[Dataset excerpts]
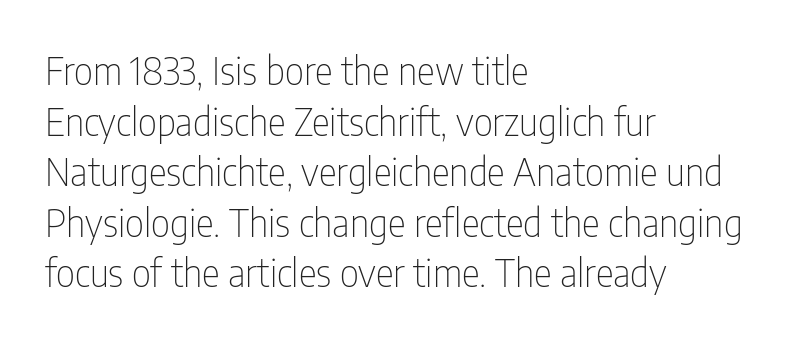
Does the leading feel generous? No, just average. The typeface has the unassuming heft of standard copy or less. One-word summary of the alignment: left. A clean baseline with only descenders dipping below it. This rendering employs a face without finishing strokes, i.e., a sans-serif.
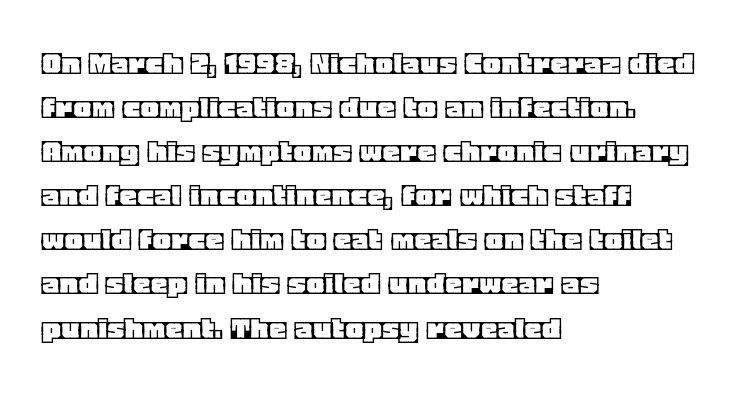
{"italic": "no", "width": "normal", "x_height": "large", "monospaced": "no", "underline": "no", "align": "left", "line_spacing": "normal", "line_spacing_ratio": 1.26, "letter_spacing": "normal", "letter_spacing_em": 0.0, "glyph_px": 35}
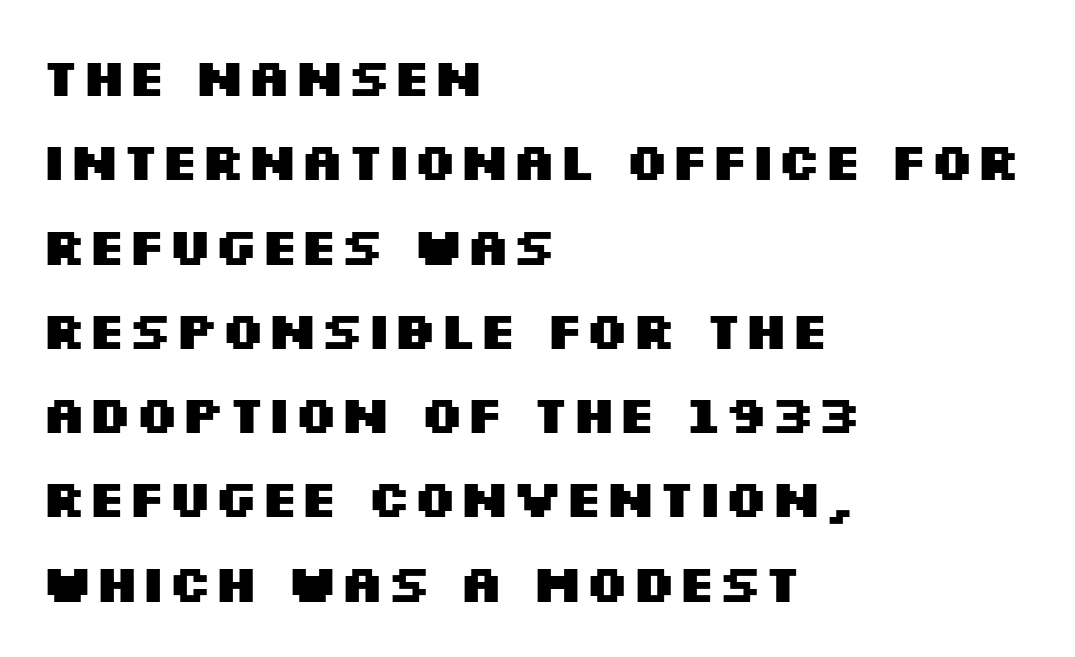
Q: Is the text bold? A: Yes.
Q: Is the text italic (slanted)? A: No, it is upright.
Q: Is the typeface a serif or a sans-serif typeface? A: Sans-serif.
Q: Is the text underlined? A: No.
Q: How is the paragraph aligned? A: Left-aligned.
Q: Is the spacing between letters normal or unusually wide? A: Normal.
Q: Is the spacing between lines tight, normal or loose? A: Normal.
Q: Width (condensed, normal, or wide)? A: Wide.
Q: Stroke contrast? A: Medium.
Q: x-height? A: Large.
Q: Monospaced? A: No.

- [Task statement] Your task is to copy each line of the entries that includes the word "sans".

- [Solution to this problem]
Does the leading feel generous? No, just average. The typeface has the unassuming heft of standard copy or less. One-word summary of the alignment: left. A clean baseline with only descenders dipping below it. This rendering employs a face without finishing strokes, i.e., a sans-serif.
Q: Is the typeface a serif or a sans-serif typeface? A: Sans-serif.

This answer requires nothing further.